5. Big Box Stores. This is closely related to the above. They are gargantuan, crowded and hot and you can lose your car in the parking lot. (Gosh, I’m starting to wax poetical!) I can never find what I’m looking for and store employees don’t seem to know, either. All they can focus on is to get me to sign up for some thing or other that I don’t want but will only cost me $10.99 a month. I usually leave empty-handed.
6. Christmas Shopping. Noticing a trend here? I did a post about this one.
7. Airport Security Lines. You practically have to undress. No shoes. No belt. No this. No that. I once watched an elderly couple being put through this indignity and really felt for them. The man was in a wheelchair and they made him stand up. They at least could have done this in private. Now they want you to undergo some sort of looky peeky right through your clothes and skin in that machine that looks like it’s going to teleport you to Venus. What’s next? Taking us apart piece by piece?
8. Eating Fruit. I like my vegetables. I really do. But I’m not much of a fruit eater. I have to make myself eat this stuff. Some people think that this makes me crazy. Maybe I am and living in some sort of Matrix world. Knowing my luck, however, I’m living inside a cheap snow globe.
9. Doing Yard Work.

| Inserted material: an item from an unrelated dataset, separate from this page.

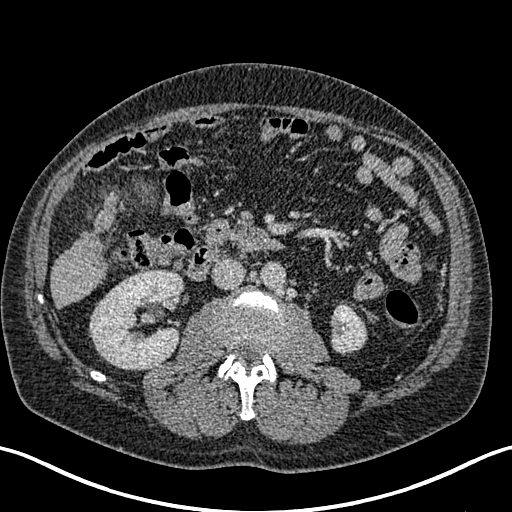 CT image, Liver
Kidney at l=90, t=271, r=182, b=369; l=332, t=305, r=365, b=351.
Liver at l=50, t=231, r=107, b=308; l=88, t=194, r=117, b=230.
Hepatic lesion at l=85, t=221, r=108, b=260.

The outdoor version of #1. And to add insult to injury, I don’t have a green thumb, but at least I don’t have to do it year round.
10. Working with Someone Who Drives You Batshit. I REALLY hate this one. It’s likely someone who wants to be your friend, too. They’re needy and often not very good at their jobs. I feel sorry for them. I try to be polite without being encouraging but this usually doesn’t work. Then I try to avoid them, a difficult proposition if you have to do a project with them. ARRGH!
What necessary evils make you want to scream into your pillow at night??